**EXERCISE DESCRIPTION**. Check each line of the data below for the word "leaves", then extract the ones that have it.

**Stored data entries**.
⟨

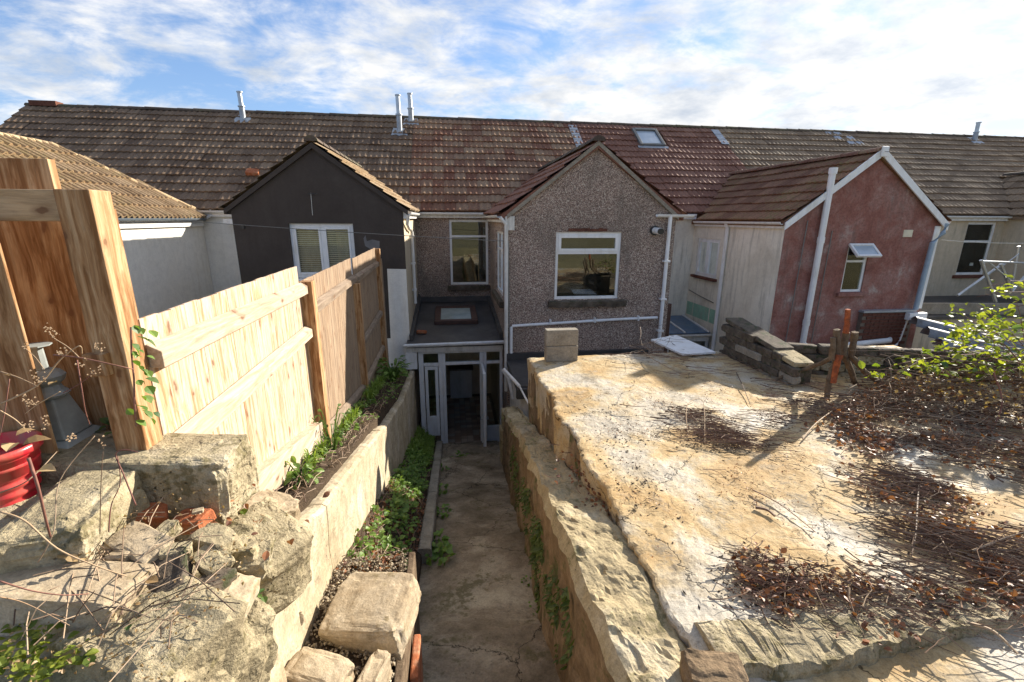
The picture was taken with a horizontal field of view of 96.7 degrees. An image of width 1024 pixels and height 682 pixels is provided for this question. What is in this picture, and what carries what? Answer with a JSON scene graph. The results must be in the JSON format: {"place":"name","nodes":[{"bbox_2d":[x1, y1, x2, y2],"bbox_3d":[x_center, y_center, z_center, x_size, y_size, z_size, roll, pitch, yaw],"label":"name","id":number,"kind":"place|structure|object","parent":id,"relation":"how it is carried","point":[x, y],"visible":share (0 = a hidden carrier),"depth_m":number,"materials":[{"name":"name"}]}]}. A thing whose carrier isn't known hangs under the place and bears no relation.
{"place":"outdoors","nodes":[
{"label":"outdoors","id":0,"kind":"place"},
{"bbox_2d":[275,369,409,511],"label":"terrace soil","id":1,"kind":"structure","parent":0,"point":[328,473],"depth_m":4.01,"materials":[{"name":"brown soil"}]},
{"bbox_2d":[0,430,313,681],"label":"rubble wall","id":2,"kind":"structure","parent":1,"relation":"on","point":[226,643],"depth_m":1.37,"materials":[{"name":"stone"}]},
{"bbox_2d":[0,430,43,507],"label":"plant pot","id":3,"kind":"object","parent":2,"relation":"on","point":[15,470],"visible":0.82,"depth_m":1.48,"materials":[{"name":"red plastic"}]},
{"bbox_2d":[0,243,58,453],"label":"fence post","id":4,"kind":"object","parent":2,"relation":"on","point":[16,358],"visible":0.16,"depth_m":1.55,"materials":[{"name":"brown wood"}]},
{"bbox_2d":[0,618,98,681],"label":"ivy patch","id":5,"kind":"object","parent":2,"relation":"on","point":[41,673],"visible":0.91,"depth_m":1.10,"materials":[{"name":"green plant"}]},
{"bbox_2d":[0,158,110,430],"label":"fence board","id":6,"kind":"object","parent":2,"relation":"on","point":[38,263],"visible":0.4,"depth_m":1.73,"materials":[{"name":"brown wood"}]},
{"bbox_2d":[29,342,105,448],"bbox_3d":[-1.735,0.202,1.705,0.191,0.390,0.191,-2,15,-7],"label":"garden lantern","id":7,"kind":"object","parent":2,"relation":"on","point":[67,415],"visible":0.63,"depth_m":1.69,"materials":[{"name":"grey paint"}]},
{"bbox_2d":[0,323,137,625],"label":"bramble","id":8,"kind":"object","parent":2,"relation":"on","point":[6,447],"visible":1,"depth_m":1.23,"materials":[{"name":"brown plant"}]},
{"bbox_2d":[57,522,157,582],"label":"withered leaves","id":9,"kind":"object","parent":2,"relation":"on","point":[152,579],"visible":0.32,"depth_m":1.28,"materials":[{"name":"brown plant"}]},
{"bbox_2d":[53,189,162,450],"bbox_3d":[-1.414,0.125,1.661,0.105,1.285,0.100,-2,15,-7],"label":"fence post","id":10,"kind":"object","parent":2,"relation":"on","point":[88,221],"visible":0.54,"depth_m":1.56,"materials":[{"name":"brown wood"}]},
{"bbox_2d":[0,189,59,220],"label":"fence rail","id":11,"kind":"object","parent":10,"relation":"attached to","point":[27,204],"depth_m":1.47,"materials":[{"name":"brown wood"}]},
{"bbox_2d":[82,352,113,376],"bbox_3d":[-1.436,0.081,1.579,0.070,0.080,0.030,-2,15,-7],"label":"timber offcut","id":12,"kind":"object","parent":10,"relation":"attached to","point":[107,370],"visible":0.92,"depth_m":1.57,"materials":[{"name":"brown wood"}]},
{"bbox_2d":[13,492,239,681],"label":"dry stems","id":13,"kind":"object","parent":2,"relation":"on","point":[113,600],"visible":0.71,"depth_m":1.19,"materials":[{"name":"beige plant"}]},
{"bbox_2d":[114,209,138,318],"bbox_3d":[-1.602,0.088,1.900,0.136,1.230,0.030,-2,15,-7],"label":"fence board","id":14,"kind":"object","parent":2,"relation":"on","point":[126,263],"visible":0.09,"depth_m":1.81,"materials":[{"name":"brown wood"}]},
{"bbox_2d":[95,325,159,434],"bbox_3d":[-1.484,0.145,1.726,0.650,0.484,0.165,10,18,33],"label":"ivy","id":15,"kind":"object","parent":2,"relation":"on","point":[149,373],"visible":0.78,"depth_m":1.56,"materials":[{"name":"green plant"}]},
{"bbox_2d":[104,521,173,563],"bbox_3d":[-1.143,0.633,1.403,0.209,0.064,0.107,12,26,18],"label":"loose stone","id":16,"kind":"object","parent":2,"relation":"on","point":[139,538],"visible":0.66,"depth_m":1.38,"materials":[{"name":"stone"}]},
{"bbox_2d":[0,482,294,681],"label":"wall crumbs","id":17,"kind":"object","parent":2,"relation":"on","point":[28,661],"depth_m":1.14,"materials":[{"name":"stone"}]},
{"bbox_2d":[135,502,168,528],"bbox_3d":[-1.288,0.620,1.605,0.120,0.068,0.076,11,28,-45],"label":"brick","id":18,"kind":"object","parent":2,"relation":"on","point":[156,522],"visible":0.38,"depth_m":1.60,"materials":[{"name":"brick"}]},
{"bbox_2d":[172,508,216,534],"bbox_3d":[-1.135,0.639,1.614,0.124,0.057,0.084,-4,20,6],"label":"brick","id":19,"kind":"object","parent":2,"relation":"on","point":[205,514],"visible":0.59,"depth_m":1.59,"materials":[{"name":"orange brick"}]},
{"bbox_2d":[190,484,329,559],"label":"niche leaves","id":20,"kind":"object","parent":2,"relation":"on","point":[265,555],"visible":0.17,"depth_m":1.60,"materials":[{"name":"brown plant"}]},
{"bbox_2d":[138,266,314,465],"bbox_3d":[-1.530,0.380,2.851,0.077,1.490,2.052,-2,15,-9],"label":"timber fence","id":21,"kind":"object","parent":1,"relation":"on","point":[233,360],"visible":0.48,"depth_m":2.48,"materials":[{"name":"beige wood"}]},
{"bbox_2d":[268,650,286,681],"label":"loose stone","id":22,"kind":"object","parent":1,"relation":"on","point":[277,674],"visible":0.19,"depth_m":1.91,"materials":[{"name":"stone"}]},
{"bbox_2d":[253,422,323,495],"bbox_3d":[-1.525,0.821,3.013,0.075,0.598,1.853,-2,15,-9],"label":"gravel board","id":23,"kind":"object","parent":1,"relation":"on","point":[272,469],"visible":0.42,"depth_m":3.02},
{"bbox_2d":[283,451,323,488],"bbox_3d":[-1.404,0.867,3.022,0.271,0.206,0.283,-14,21,-43],"label":"young plant","id":24,"kind":"object","parent":1,"relation":"on","point":[290,475],"visible":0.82,"depth_m":3.01,"materials":[{"name":"green plant"}]},
{"bbox_2d":[299,280,331,446],"bbox_3d":[-1.694,0.376,3.972,0.105,1.800,0.105,-2,15,-7],"label":"fence post","id":25,"kind":"object","parent":1,"relation":"on","point":[309,306],"visible":0.53,"depth_m":3.87,"materials":[{"name":"brown wood"}]},
{"bbox_2d":[312,403,351,449],"bbox_3d":[-1.546,0.764,3.896,0.366,0.396,0.410,-9,18,-31],"label":"young plant","id":26,"kind":"object","parent":1,"relation":"on","point":[338,436],"visible":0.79,"depth_m":3.90,"materials":[{"name":"green plant"}]},
{"bbox_2d":[303,258,365,433],"bbox_3d":[-1.900,0.119,5.098,0.077,1.892,2.217,-2,15,-9],"label":"timber fence","id":27,"kind":"object","parent":1,"relation":"on","point":[345,387],"visible":0.78,"depth_m":5.02,"materials":[{"name":"brown wood"}]},
{"bbox_2d":[273,370,408,502],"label":"straw litter","id":28,"kind":"object","parent":1,"relation":"on","point":[345,446],"visible":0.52,"depth_m":3.81,"materials":[{"name":"brown plant"}]},
{"bbox_2d":[273,370,416,667],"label":"retaining wall","id":29,"kind":"structure","parent":1,"relation":"on","point":[356,484],"depth_m":3.28,"materials":[{"name":"concrete"}]},
{"bbox_2d":[301,371,391,468],"bbox_3d":[-1.819,0.751,5.361,0.468,1.001,4.188,-2,15,-7],"label":"grass clump","id":30,"kind":"object","parent":1,"relation":"on","point":[377,383],"visible":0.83,"depth_m":4.82,"materials":[{"name":"green plant"}]},
{"bbox_2d":[311,367,409,460],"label":"strip weeds","id":31,"kind":"object","parent":1,"relation":"on","point":[356,426],"visible":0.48,"depth_m":5.40,"materials":[{"name":"green plant"}]},
{"bbox_2d":[353,283,368,397],"bbox_3d":[-2.087,0.180,6.320,0.100,1.960,0.100,-2,15,-7],"label":"fence post","id":32,"kind":"object","parent":1,"relation":"on","point":[360,331],"visible":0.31,"depth_m":6.21,"materials":[{"name":"brown wood"}]},
{"bbox_2d":[351,248,384,385],"bbox_3d":[-2.298,-0.262,7.489,0.077,2.359,2.377,-2,15,-9],"label":"timber fence","id":33,"kind":"object","parent":1,"relation":"on","point":[365,265],"visible":0.59,"depth_m":7.40,"materials":[{"name":"brown wood"}]},
{"bbox_2d":[375,249,387,366],"bbox_3d":[-2.496,-0.418,8.735,0.100,2.660,0.100,-2,15,-7],"label":"fence post","id":34,"kind":"object","parent":1,"relation":"on","point":[380,296],"visible":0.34,"depth_m":8.60,"materials":[{"name":"brown wood"}]},
{"bbox_2d":[381,258,388,366],"bbox_3d":[-2.572,-0.405,9.094,0.100,2.450,0.100,-2,15,-7],"label":"fence post","id":35,"kind":"object","parent":1,"relation":"on","point":[384,310],"visible":0.23,"depth_m":9.01,"materials":[{"name":"wood"}]},
{"bbox_2d":[376,355,408,381],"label":"leafy plant","id":36,"kind":"object","parent":1,"relation":"on","point":[392,371],"visible":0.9,"depth_m":7.73,"materials":[{"name":"green plant"}]},
{"bbox_2d":[306,428,436,681],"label":"planting bed soil","id":37,"kind":"structure","parent":0,"point":[357,661],"depth_m":3.68,"materials":[{"name":"brown soil"}]},
{"bbox_2d":[284,646,354,681],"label":"loose stone","id":38,"kind":"object","parent":37,"relation":"on","point":[306,664],"visible":0.87,"depth_m":2.05,"materials":[{"name":"stone"}]},
{"bbox_2d":[305,548,407,681],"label":"gravel","id":39,"kind":"structure","parent":37,"relation":"on","point":[339,572],"depth_m":2.79,"materials":[{"name":"brown gravel"}]},
{"bbox_2d":[318,572,420,660],"bbox_3d":[-0.767,1.504,2.519,0.453,0.230,0.400,-2,22,7],"label":"loose stone","id":40,"kind":"object","parent":37,"relation":"on","point":[372,612],"visible":0.9,"depth_m":2.41,"materials":[{"name":"stone"}]},
{"bbox_2d":[356,649,392,681],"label":"loose stone","id":41,"kind":"object","parent":37,"relation":"on","point":[377,667],"visible":1,"depth_m":2.15,"materials":[{"name":"stone"}]},
{"bbox_2d":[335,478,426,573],"bbox_3d":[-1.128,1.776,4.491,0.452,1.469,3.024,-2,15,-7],"label":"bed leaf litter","id":42,"kind":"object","parent":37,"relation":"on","point":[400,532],"visible":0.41,"depth_m":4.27,"materials":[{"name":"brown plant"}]},
{"bbox_2d":[347,476,423,568],"bbox_3d":[-1.174,1.768,4.413,0.496,1.151,2.713,-2,15,-7],"label":"ground ivy","id":43,"kind":"object","parent":37,"relation":"on","point":[402,499],"visible":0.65,"depth_m":4.28,"materials":[{"name":"green plant"}]},
{"bbox_2d":[342,456,431,565],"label":"dead stems","id":44,"kind":"object","parent":37,"relation":"on","point":[391,517],"visible":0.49,"depth_m":4.44,"materials":[{"name":"plant"}]},
{"bbox_2d":[390,445,433,495],"bbox_3d":[-1.461,1.855,6.677,0.540,1.005,2.321,-2,15,-7],"label":"ground ivy","id":45,"kind":"object","parent":37,"relation":"on","point":[410,470],"visible":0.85,"depth_m":6.39,"materials":[{"name":"green plant"}]},
{"bbox_2d":[406,425,435,467],"bbox_3d":[-1.692,1.928,8.560,0.565,0.939,2.383,-2,15,-7],"label":"grass clump","id":46,"kind":"object","parent":37,"relation":"on","point":[424,439],"visible":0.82,"depth_m":8.40,"materials":[{"name":"green plant"}]},
{"bbox_2d":[419,440,560,681],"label":"path","id":47,"kind":"structure","parent":0,"point":[479,621],"depth_m":4.07,"materials":[{"name":"concrete"}]},
{"bbox_2d":[393,552,419,681],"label":"edging board","id":48,"kind":"object","parent":47,"relation":"on","point":[402,669],"visible":0.44,"depth_m":2.60,"materials":[{"name":"brown wood"}]},
{"bbox_2d":[410,634,422,681],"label":"brick","id":49,"kind":"object","parent":47,"relation":"on","point":[416,672],"visible":1,"depth_m":2.65,"materials":[{"name":"orange brick"}]},
{"bbox_2d":[417,441,442,563],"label":"path kerb","id":50,"kind":"structure","parent":47,"relation":"on","point":[428,530],"depth_m":5.62,"materials":[{"name":"concrete"}]},
{"bbox_2d":[425,450,468,565],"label":"path weeds","id":51,"kind":"object","parent":47,"relation":"on","point":[447,548],"visible":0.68,"depth_m":4.74,"materials":[{"name":"green plant"}]},
{"bbox_2d":[0,0,1023,217],"label":"sky","id":52,"kind":"structure","parent":0,"point":[914,66],"materials":[{"name":"blue"}]},
{"bbox_3d":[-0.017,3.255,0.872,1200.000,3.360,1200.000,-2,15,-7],"label":"ground","id":53,"kind":"structure","parent":0,"visible":0},
{"bbox_2d":[0,132,213,317],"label":"wing","id":54,"kind":"structure","parent":53,"relation":"on","point":[168,262],"depth_m":9.23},
{"bbox_2d":[0,100,239,217],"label":"terraced house","id":55,"kind":"structure","parent":53,"relation":"on","point":[172,152],"depth_m":12.54,"materials":[{"name":"brown tile"}]},
{"bbox_2d":[189,110,419,427],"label":"terraced house","id":56,"kind":"structure","parent":53,"relation":"on","point":[346,173],"depth_m":9.12,"materials":[{"name":"brown tile"}]},
{"bbox_2d":[234,91,250,122],"bbox_3d":[-8.079,-6.954,13.583,0.490,0.915,0.399,-2,15,-7],"label":"roof flue","id":57,"kind":"object","parent":56,"relation":"on","point":[242,115],"visible":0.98,"depth_m":13.57,"materials":[{"name":"metal"}]},
{"bbox_2d":[289,223,354,280],"bbox_3d":[-3.660,-1.725,8.860,1.240,1.090,0.160,-2,15,-7],"label":"window","id":58,"kind":"structure","parent":56,"relation":"in","point":[323,242],"depth_m":8.82,"materials":[{"name":"white plastic"}]},
{"bbox_2d":[391,94,407,135],"bbox_3d":[-3.438,-6.840,13.839,0.490,1.195,0.399,-2,15,-7],"label":"roof flue","id":59,"kind":"object","parent":56,"relation":"on","point":[398,114],"visible":1,"depth_m":13.83,"materials":[{"name":"metal"}]},
{"bbox_2d":[403,92,418,124],"bbox_3d":[-3.192,-7.273,14.331,0.490,0.975,0.399,-2,15,-7],"label":"roof flue","id":60,"kind":"object","parent":56,"relation":"on","point":[410,111],"visible":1,"depth_m":14.30,"materials":[{"name":"metal"}]},
{"bbox_2d":[403,115,694,446],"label":"terraced house","id":61,"kind":"structure","parent":53,"relation":"on","point":[584,233],"depth_m":9.65,"materials":[{"name":"grey tile"}]},
{"bbox_2d":[170,219,499,240],"bbox_3d":[-3.158,-2.026,8.341,6.084,0.365,0.011,0,15,-1],"label":"overhead wire","id":62,"kind":"object","parent":61,"relation":"attached to","point":[337,231],"visible":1,"depth_m":8.34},
{"bbox_2d":[434,305,477,324],"bbox_3d":[-1.371,-0.647,11.128,1.000,0.199,1.300,-2,15,-7],"label":"flat rooflight","id":63,"kind":"object","parent":61,"relation":"on","point":[446,315],"visible":1,"depth_m":11.00,"materials":[{"name":"white glass"}]},
{"bbox_2d":[449,220,487,284],"bbox_3d":[-1.153,-2.377,12.229,1.020,1.710,0.060,-2,15,-7],"label":"window","id":64,"kind":"structure","parent":61,"relation":"in","point":[486,222],"depth_m":12.15,"materials":[{"name":"white plastic"}]},
{"bbox_2d":[480,363,488,446],"bbox_3d":[-0.601,1.478,9.617,0.174,1.900,0.690,-2,15,-7],"label":"door","id":65,"kind":"structure","parent":61,"relation":"in","point":[483,418],"depth_m":9.36,"materials":[{"name":"white plastic"}]},
{"bbox_2d":[497,231,502,295],"bbox_3d":[-0.220,-1.728,10.057,0.072,1.370,1.500,-2,15,-7],"label":"window","id":66,"kind":"structure","parent":61,"relation":"in","point":[499,234],"depth_m":10.34,"materials":[{"name":"white plastic"}]},
{"bbox_2d":[554,232,620,298],"bbox_3d":[1.459,-1.461,8.851,1.290,1.285,0.072,-2,15,-7],"label":"window","id":67,"kind":"structure","parent":61,"relation":"in","point":[617,235],"depth_m":8.76,"materials":[{"name":"white plastic"}]},
{"bbox_2d":[507,348,647,418],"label":"store","id":68,"kind":"structure","parent":53,"relation":"on","point":[517,366],"depth_m":8.81,"materials":[{"name":"concrete"}]},
{"bbox_2d":[502,368,527,403],"bbox_3d":[0.182,0.842,7.271,0.165,0.437,1.461,-6,16,-22],"label":"broken pipe","id":69,"kind":"object","parent":68,"relation":"on","point":[511,377],"visible":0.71,"depth_m":7.60,"materials":[{"name":"white paint"}]},
{"bbox_2d":[499,406,705,681],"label":"side wall","id":70,"kind":"structure","parent":53,"relation":"on","point":[622,628],"depth_m":2.63,"materials":[{"name":"stone"}]},
{"bbox_2d":[509,445,574,669],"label":"wall ferns","id":71,"kind":"object","parent":70,"relation":"attached to","point":[537,549],"depth_m":3.53,"materials":[{"name":"green plant"}]},
{"bbox_2d":[553,450,610,519],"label":"ledge litter","id":72,"kind":"object","parent":70,"relation":"on","point":[588,486],"visible":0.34,"depth_m":3.47,"materials":[{"name":"brown plant"}]},
{"bbox_2d":[679,648,748,681],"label":"loose stone","id":73,"kind":"object","parent":70,"relation":"on","point":[696,665],"visible":0.97,"depth_m":1.86,"materials":[{"name":"beige stone"}]},
{"bbox_2d":[527,345,1023,681],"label":"garage slab","id":74,"kind":"structure","parent":53,"relation":"on","point":[773,651],"depth_m":3.03,"materials":[{"name":"concrete"}]},
{"bbox_2d":[544,327,577,361],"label":"concrete blocks","id":75,"kind":"object","parent":74,"relation":"on","point":[561,344],"depth_m":6.02,"materials":[{"name":"grey concrete"}]},
{"bbox_2d":[629,325,683,355],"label":"twigs","id":76,"kind":"object","parent":74,"relation":"on","point":[652,343],"visible":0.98,"depth_m":6.52,"materials":[{"name":"plant"}]},
{"bbox_2d":[605,347,759,376],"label":"back twigs","id":77,"kind":"object","parent":74,"relation":"on","point":[675,357],"visible":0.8,"depth_m":6.03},
{"bbox_2d":[651,335,715,355],"bbox_3d":[2.479,0.057,6.762,0.544,0.045,0.936,-4,16,-15],"label":"white panel","id":78,"kind":"object","parent":74,"relation":"on","point":[688,346],"visible":1,"depth_m":6.63,"materials":[{"name":"plastic"}]},
{"bbox_2d":[620,402,805,455],"bbox_3d":[1.814,0.756,4.092,1.353,0.095,1.108,-2,15,-7],"label":"twig pile","id":79,"kind":"object","parent":74,"relation":"on","point":[701,428],"visible":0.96,"depth_m":4.04,"materials":[{"name":"brown wood"}]},
{"bbox_2d":[719,317,813,384],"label":"stone wall","id":80,"kind":"structure","parent":74,"relation":"on","point":[748,343],"depth_m":5.71,"materials":[{"name":"stone"}]},
{"bbox_2d":[573,379,1016,608],"bbox_3d":[1.889,0.906,3.680,2.935,0.014,3.279,-2,15,-7],"label":"fine debris","id":81,"kind":"object","parent":74,"relation":"on","point":[745,478],"visible":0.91,"depth_m":3.28,"materials":[{"name":"brown plant"}]},
{"bbox_2d":[568,377,1023,617],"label":"leaf mould","id":82,"kind":"object","parent":74,"relation":"on","point":[684,592],"visible":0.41,"depth_m":2.88,"materials":[{"name":"brown plant"}]},
{"bbox_2d":[684,367,952,460],"bbox_3d":[3.009,0.708,4.361,1.843,0.060,2.750,12,19,37],"label":"twig scatter","id":83,"kind":"object","parent":74,"relation":"on","point":[808,401],"visible":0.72,"depth_m":4.32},
{"bbox_2d":[775,309,887,396],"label":"wooden stakes","id":84,"kind":"object","parent":74,"relation":"on","point":[838,354],"visible":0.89,"depth_m":4.80,"materials":[{"name":"brown wood"}]},
{"bbox_2d":[710,531,988,660],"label":"pale twigs","id":85,"kind":"object","parent":74,"relation":"on","point":[848,588],"visible":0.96,"depth_m":2.26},
{"bbox_2d":[709,540,1005,652],"bbox_3d":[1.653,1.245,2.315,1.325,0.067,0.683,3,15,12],"label":"twig pile","id":86,"kind":"object","parent":74,"relation":"on","point":[752,571],"visible":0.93,"depth_m":2.29,"materials":[{"name":"brown plant"}]},
{"bbox_2d":[804,411,925,466],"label":"leaf litter","id":87,"kind":"object","parent":74,"relation":"on","point":[881,440],"visible":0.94,"depth_m":3.89,"materials":[{"name":"brown plant"}]},
{"bbox_2d":[786,342,1023,385],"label":"stone wall","id":88,"kind":"structure","parent":74,"relation":"on","point":[818,352],"depth_m":5.47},
{"bbox_2d":[797,355,1023,489],"bbox_3d":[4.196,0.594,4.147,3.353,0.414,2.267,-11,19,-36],"label":"twig heap","id":89,"kind":"object","parent":74,"relation":"on","point":[957,414],"visible":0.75,"depth_m":4.24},
{"bbox_2d":[823,457,1023,641],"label":"pale twigs","id":90,"kind":"object","parent":74,"relation":"on","point":[943,548],"visible":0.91,"depth_m":2.65,"materials":[{"name":"brown wood"}]},
{"bbox_2d":[831,455,1023,653],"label":"twig pile","id":91,"kind":"object","parent":74,"relation":"on","point":[929,489],"visible":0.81,"depth_m":2.62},
{"bbox_2d":[838,457,1023,625],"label":"leaf litter","id":92,"kind":"object","parent":74,"relation":"on","point":[969,589],"visible":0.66,"depth_m":2.47,"materials":[{"name":"brown plant"}]},
{"bbox_2d":[852,343,1023,425],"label":"dry undergrowth","id":93,"kind":"object","parent":74,"relation":"on","point":[947,380],"visible":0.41,"depth_m":4.45,"materials":[{"name":"brown plant"}]},
{"bbox_2d":[880,363,1023,419],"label":"dead undergrowth","id":94,"kind":"object","parent":93,"relation":"on","point":[979,393],"visible":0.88,"depth_m":4.27,"materials":[{"name":"brown plant"}]},
{"bbox_2d":[858,274,1023,395],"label":"bramble bush","id":95,"kind":"object","parent":74,"relation":"on","point":[968,334],"visible":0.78,"depth_m":4.69,"materials":[{"name":"green plant"}]},
{"bbox_2d":[967,621,1018,653],"bbox_3d":[2.182,1.333,2.064,0.034,0.032,0.178,-6,16,-22],"label":"dry stem","id":96,"kind":"object","parent":74,"relation":"on","point":[998,635],"visible":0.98,"depth_m":2.06,"materials":[{"name":"plant"}]},
{"bbox_2d":[846,130,1023,299],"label":"terraced house","id":97,"kind":"structure","parent":53,"relation":"on","point":[956,186],"depth_m":15.17,"materials":[{"name":"brown tile"}]},
{"bbox_2d":[967,122,983,143],"bbox_3d":[17.380,-7.750,17.001,0.490,0.795,0.399,-2,15,-7],"label":"roof flue","id":98,"kind":"object","parent":97,"relation":"on","point":[975,133],"visible":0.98,"depth_m":16.99,"materials":[{"name":"metal"}]},
{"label":"yard paving","id":99,"kind":"structure","parent":0,"visible":0},
{"bbox_2d":[667,314,711,351],"bbox_3d":[3.992,0.513,12.817,2.400,2.214,1.565,-2,15,-7],"label":"blue roofed conservatory","id":100,"kind":"object","parent":99,"relation":"on","point":[689,328],"visible":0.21,"depth_m":12.24,"materials":[{"name":"white plastic"}]},
{"bbox_2d":[571,121,951,350],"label":"terraced house","id":101,"kind":"structure","parent":99,"relation":"on","point":[809,251],"depth_m":10.07,"materials":[{"name":"red paint"}]},
{"bbox_2d":[631,128,668,148],"bbox_3d":[4.500,-6.692,15.005,1.020,0.767,1.004,-2,15,-7],"label":"roof window","id":102,"kind":"structure","parent":101,"relation":"on","point":[648,137],"depth_m":14.96,"materials":[{"name":"white glass"}]},
{"bbox_2d":[690,238,720,281],"bbox_3d":[5.228,-2.200,12.236,0.180,1.070,1.190,-2,15,-7],"label":"window","id":103,"kind":"structure","parent":101,"relation":"in","point":[708,249],"depth_m":12.22,"materials":[{"name":"white plastic"}]},
{"bbox_2d":[840,247,866,291],"bbox_3d":[7.383,-1.577,9.855,0.520,1.020,0.060,-2,15,-7],"label":"window","id":104,"kind":"structure","parent":101,"relation":"in","point":[854,269],"depth_m":9.88,"materials":[{"name":"white plastic"}]},
{"bbox_2d":[714,126,1011,295],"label":"terraced house","id":105,"kind":"structure","parent":99,"relation":"on","point":[956,268],"depth_m":14.49,"materials":[{"name":"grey tile"}]},
{"bbox_2d":[952,222,995,277],"bbox_3d":[14.480,-2.828,14.217,1.250,1.710,0.190,-2,15,-7],"label":"window","id":106,"kind":"structure","parent":105,"relation":"in","point":[972,252],"depth_m":14.27,"materials":[{"name":"white plastic"}]},
{"bbox_2d":[908,316,1023,352],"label":"curved metal roof","id":107,"kind":"structure","parent":99,"relation":"on","point":[935,330],"depth_m":9.49,"materials":[{"name":"metal"}]},
{"bbox_2d":[911,295,1023,348],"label":"flat roofed shed","id":108,"kind":"structure","parent":99,"relation":"on","point":[937,308],"depth_m":11.50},
{"bbox_2d":[956,246,1023,302],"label":"tubular frame","id":109,"kind":"object","parent":108,"relation":"on","point":[1000,266],"visible":0.98,"depth_m":11.21,"materials":[{"name":"metal"}]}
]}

⟩

**REPLY TO THE EXERCISE**.
{"bbox_2d":[57,522,157,582],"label":"withered leaves","id":9,"kind":"object","parent":2,"relation":"on","point":[152,579],"visible":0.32,"depth_m":1.28,"materials":[{"name":"brown plant"}]},
{"bbox_2d":[190,484,329,559],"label":"niche leaves","id":20,"kind":"object","parent":2,"relation":"on","point":[265,555],"visible":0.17,"depth_m":1.60,"materials":[{"name":"brown plant"}]},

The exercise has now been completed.